Game modes
The project now treats the modes as three separate product promises. They can share rules and assets, but they should not blur ownership of story, saves, or generated content.
Mode boundaries
- Single Player owns the canonical offline story, deterministic dungeon loop, curated assets, local saves, tutorial, village, and replayable meta-progression.
- Multiplayer owns the same canonical story and assets, with shared live players, shared village state, separate houses, guest sessions, spectators, and duplicate signed-in account protection layered on top.
- Multiplayer with GM owns GM-created worlds only. AI and GM patches should be validated, previewed, approved, stored per world, and streamed after approval. They should not rewrite Single Player content.
Single Player
Single Player is the canonical authored loop: wake in the dungeon, learn the rules, clear the final gate, return to the village, prepare another descent, and keep local-first progress. The lore, mechanics, and curated runtime assets belong to opendungeon itself.
AI-generated or GM-created content should not overwrite this canonical story path. It can inspire future authored updates, but it should enter the game through reviewed code, content packs, or explicit player opt-in.
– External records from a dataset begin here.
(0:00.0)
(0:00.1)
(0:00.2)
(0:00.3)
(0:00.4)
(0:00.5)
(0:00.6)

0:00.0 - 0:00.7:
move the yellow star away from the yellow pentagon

Use Single Player when you want the authored roguelike RPG: tutorial rooms, d20 checks, combat, Book entries, final-gate clues, village upgrades, and later descents without network setup.
Multiplayer
Multiplayer uses the same authored story loop, mechanics, lore, and assets, but adds multiple players to the shared dungeon and village. The target feel is Stardew-style co-op: shared farm and village state, separate player houses, shared dungeon objectives, and permissions for storage, upgrades, and shop/farm work.
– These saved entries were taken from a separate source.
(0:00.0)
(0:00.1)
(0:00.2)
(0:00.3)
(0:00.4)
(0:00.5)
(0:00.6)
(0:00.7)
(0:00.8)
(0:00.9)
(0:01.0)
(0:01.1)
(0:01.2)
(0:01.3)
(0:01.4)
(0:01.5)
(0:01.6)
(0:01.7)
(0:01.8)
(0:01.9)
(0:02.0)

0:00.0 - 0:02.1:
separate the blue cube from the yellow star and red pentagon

The current CLI host is the first implementation. It can run same-laptop or LAN sessions, but internet-grade co-op still needs a stronger authoritative sync model.
Use Multiplayer when friends should play the same canonical run together. One local host process coordinates the lobby. The host and guests can run on one laptop, across terminal apps, or across LAN when the host binds to a reachable address.
Multiplayer with GM
Multiplayer with GM is for a logged-in Dungeon Master or Game Master. The GM uses a website console to watch connected players, read action logs, prompt an AI assistant, preview tool-call output, generate small terminal-safe sprites, and approve validated changes before players receive them.
GM content belongs to a GM-created world in Supabase. New lore, room layouts, quests, monster variants, and generated assets must stay separate from the canonical Single Player story and from other users' worlds.
Use Multiplayer with GM when the table wants D&D-style authorship: the GM can ask AI for lore, rooms, monster variants, quests, or sprite prompts, then approve safe patches into that GM world. This mode requires login, Supabase ownership, AI Gateway model calls, validated tool calls, and realtime delivery before it can be live.
Current status
/createcreates invite pages and commands for CLI-hosted multiplayer./gmis a logged-in website shell for the future GM console.- The terminal client still owns the current live game loop.
- Automated lobby smoke tests cover host startup, two guest players, spectator join, WebSocket state sync, disconnect, and result submission.
- Realtime GM patches need Supabase world ownership, schema validation, an AI Gateway chat route, tool-call audit records, and a realtime delivery path before players can receive generated changes.